→ EXERCISE: Down to the last line, retype the records below exactly and skip the pictures.

Data excerpts:
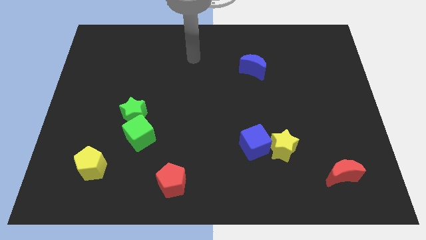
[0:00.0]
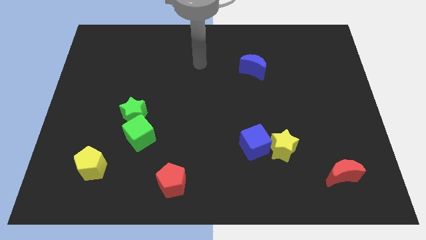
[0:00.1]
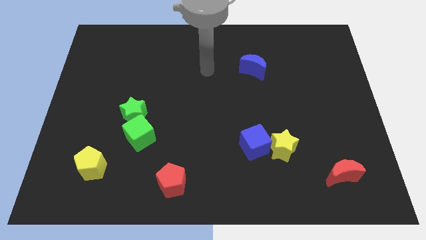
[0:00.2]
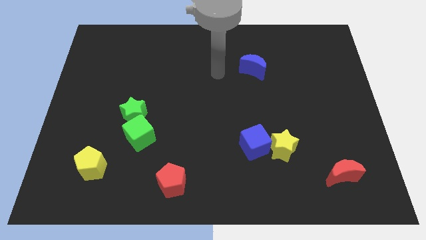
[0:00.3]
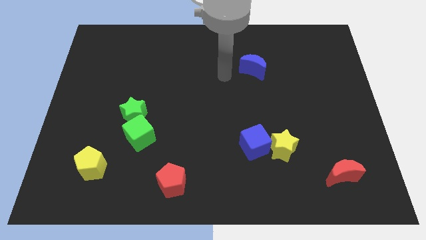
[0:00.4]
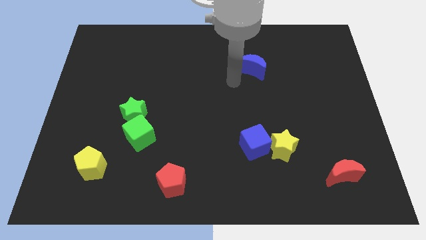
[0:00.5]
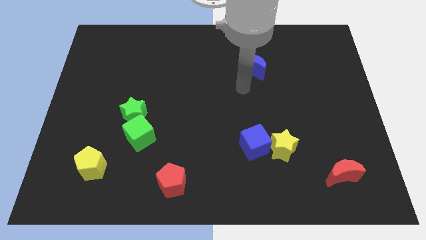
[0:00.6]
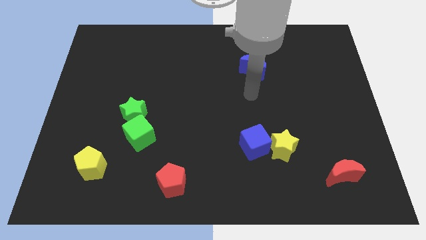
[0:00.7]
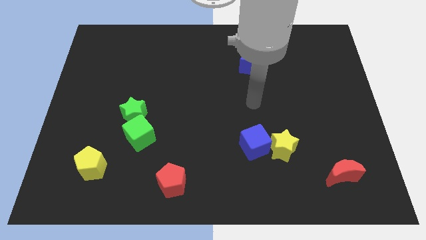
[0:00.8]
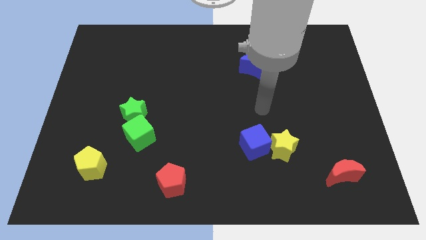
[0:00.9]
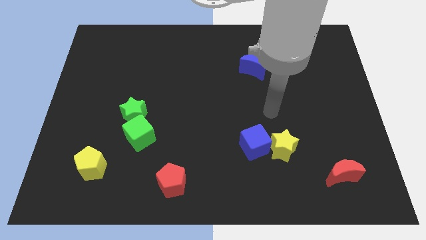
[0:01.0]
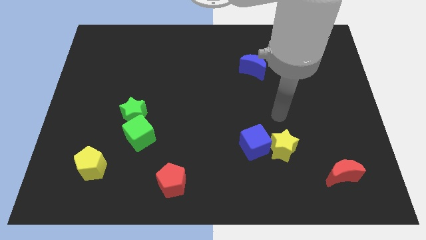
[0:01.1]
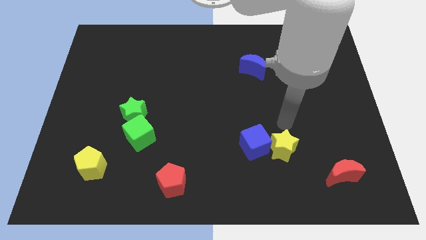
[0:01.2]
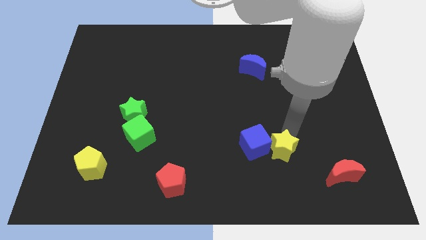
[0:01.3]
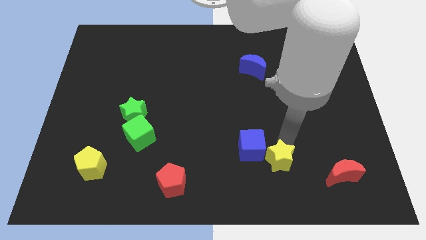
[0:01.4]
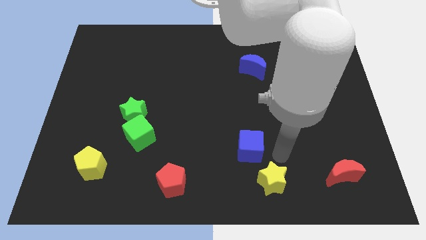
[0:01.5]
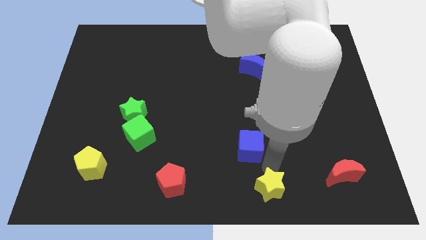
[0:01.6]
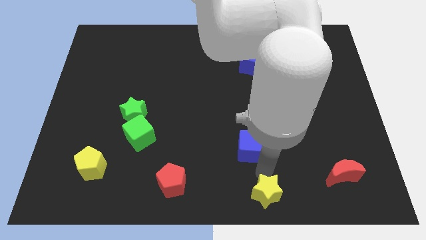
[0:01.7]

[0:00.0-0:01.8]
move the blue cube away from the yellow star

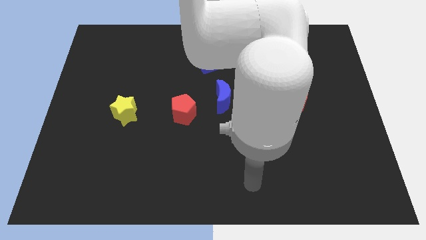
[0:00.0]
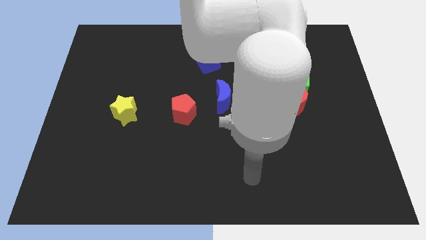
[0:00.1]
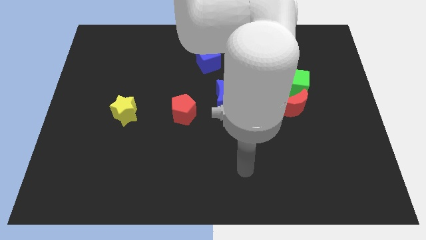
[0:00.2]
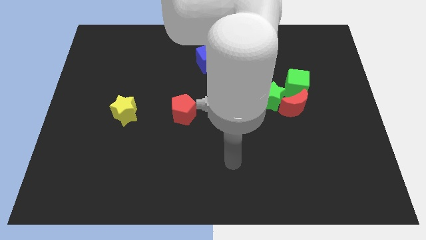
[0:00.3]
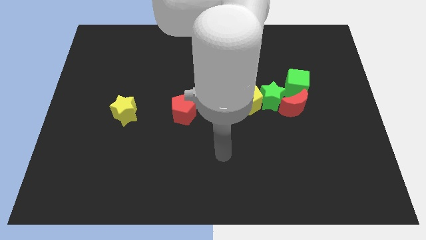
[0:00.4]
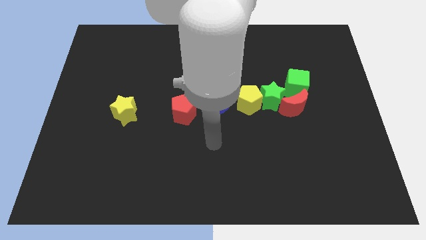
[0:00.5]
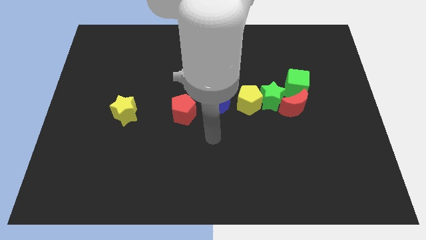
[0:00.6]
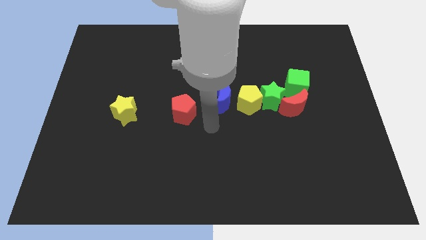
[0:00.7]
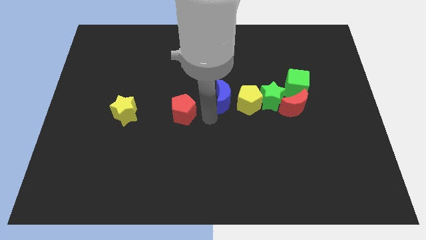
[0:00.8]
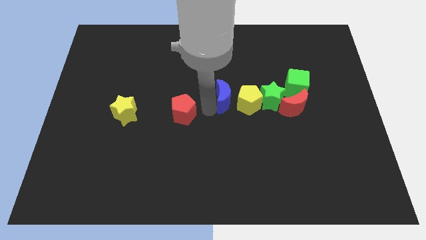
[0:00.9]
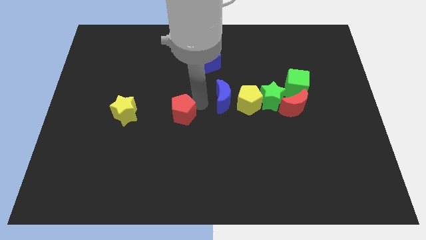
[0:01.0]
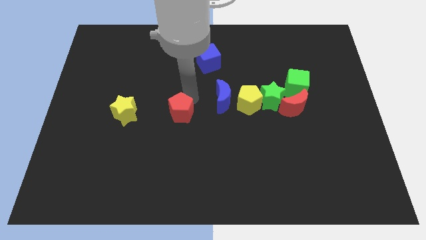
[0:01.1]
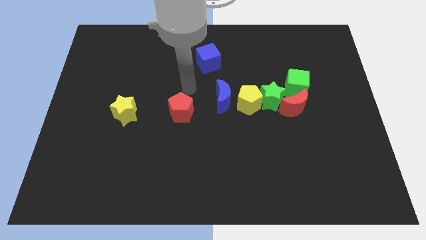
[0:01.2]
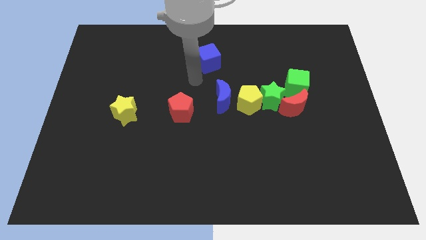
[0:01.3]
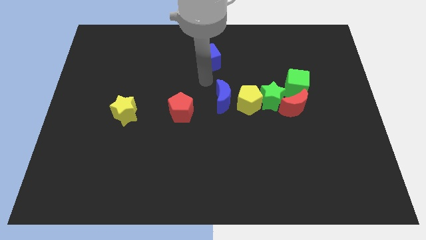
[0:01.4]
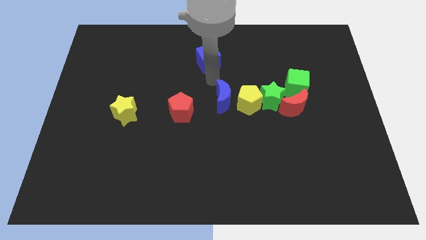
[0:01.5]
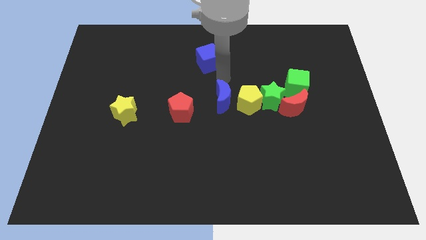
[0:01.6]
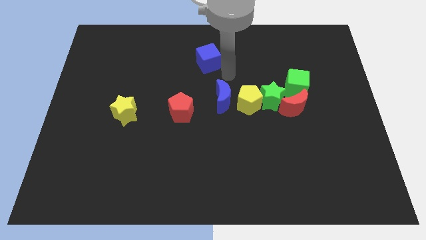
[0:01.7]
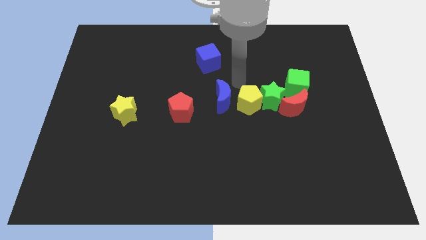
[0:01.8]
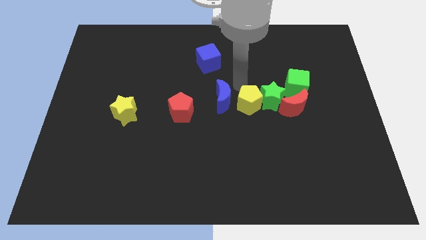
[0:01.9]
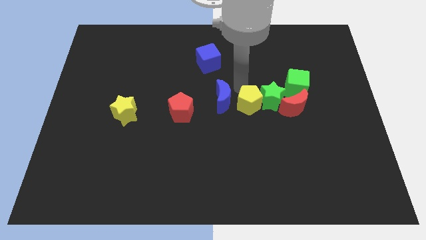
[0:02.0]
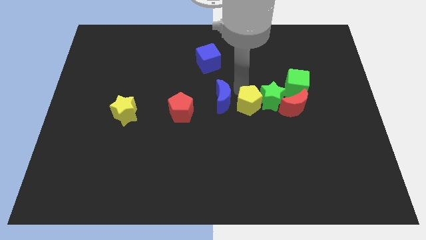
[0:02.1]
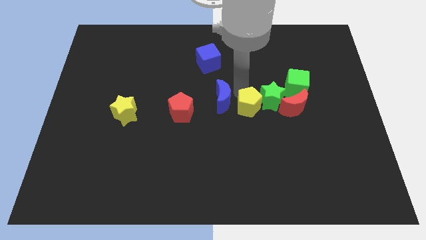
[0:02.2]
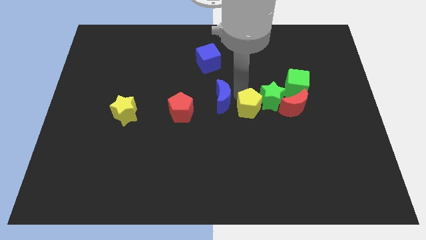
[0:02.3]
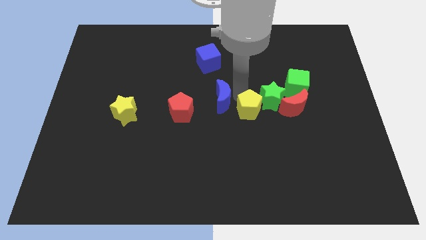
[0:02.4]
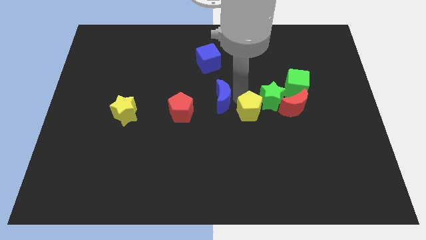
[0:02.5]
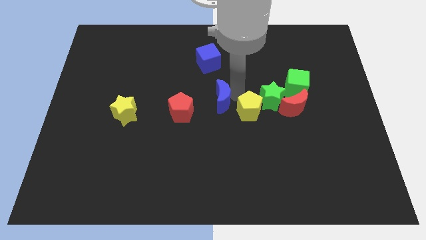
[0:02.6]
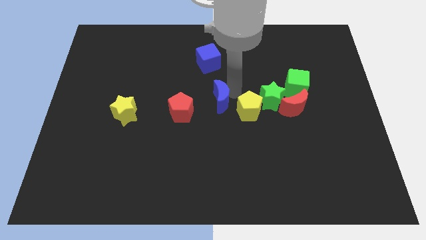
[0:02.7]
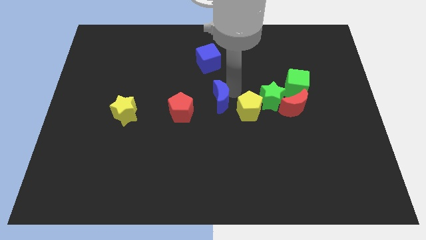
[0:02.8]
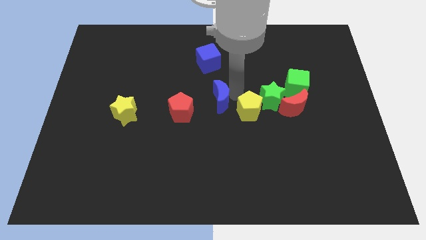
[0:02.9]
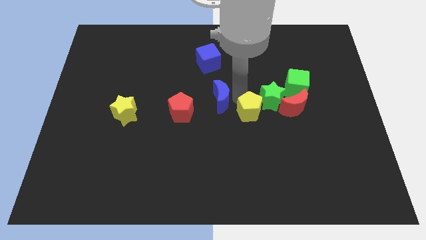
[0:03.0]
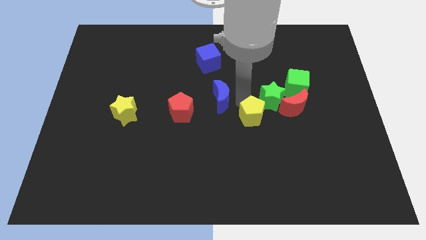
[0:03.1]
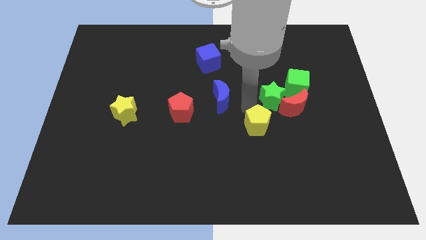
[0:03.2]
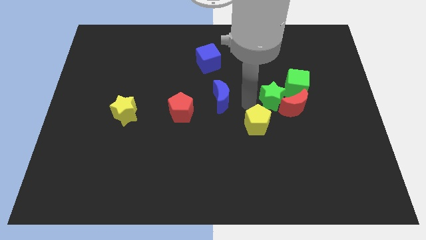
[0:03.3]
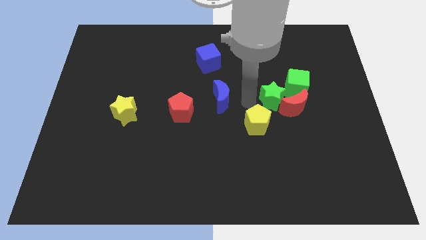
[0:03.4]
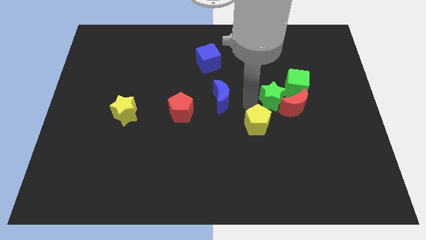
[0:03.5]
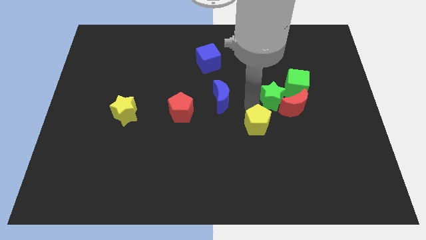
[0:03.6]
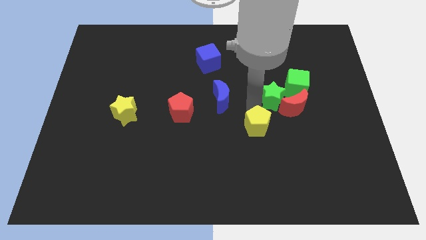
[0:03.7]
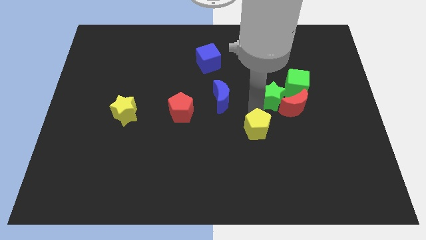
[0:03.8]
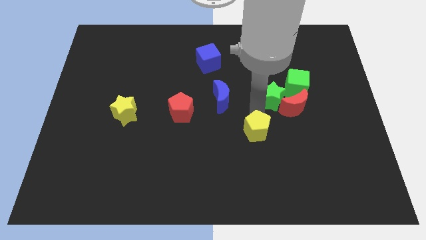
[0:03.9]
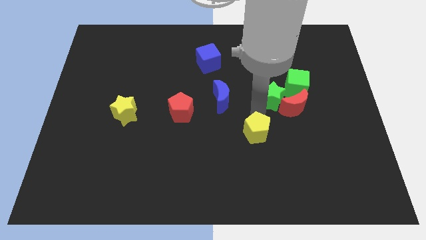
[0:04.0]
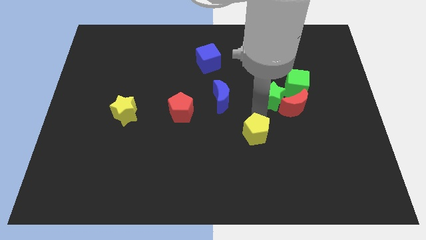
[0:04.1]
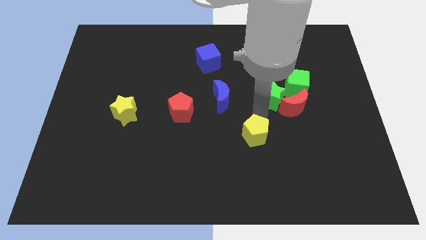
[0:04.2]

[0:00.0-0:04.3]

→ ANSWER SPACE:
[0:00.0]
[0:00.1]
[0:00.2]
[0:00.3]
[0:00.4]
[0:00.5]
[0:00.6]
[0:00.7]
[0:00.8]
[0:00.9]
[0:01.0]
[0:01.1]
[0:01.2]
[0:01.3]
[0:01.4]
[0:01.5]
[0:01.6]
[0:01.7]

[0:00.0-0:01.8]
move the blue cube away from the yellow star

[0:00.0]
[0:00.1]
[0:00.2]
[0:00.3]
[0:00.4]
[0:00.5]
[0:00.6]
[0:00.7]
[0:00.8]
[0:00.9]
[0:01.0]
[0:01.1]
[0:01.2]
[0:01.3]
[0:01.4]
[0:01.5]
[0:01.6]
[0:01.7]
[0:01.8]
[0:01.9]
[0:02.0]
[0:02.1]
[0:02.2]
[0:02.3]
[0:02.4]
[0:02.5]
[0:02.6]
[0:02.7]
[0:02.8]
[0:02.9]
[0:03.0]
[0:03.1]
[0:03.2]
[0:03.3]
[0:03.4]
[0:03.5]
[0:03.6]
[0:03.7]
[0:03.8]
[0:03.9]
[0:04.0]
[0:04.1]
[0:04.2]

[0:00.0-0:04.3]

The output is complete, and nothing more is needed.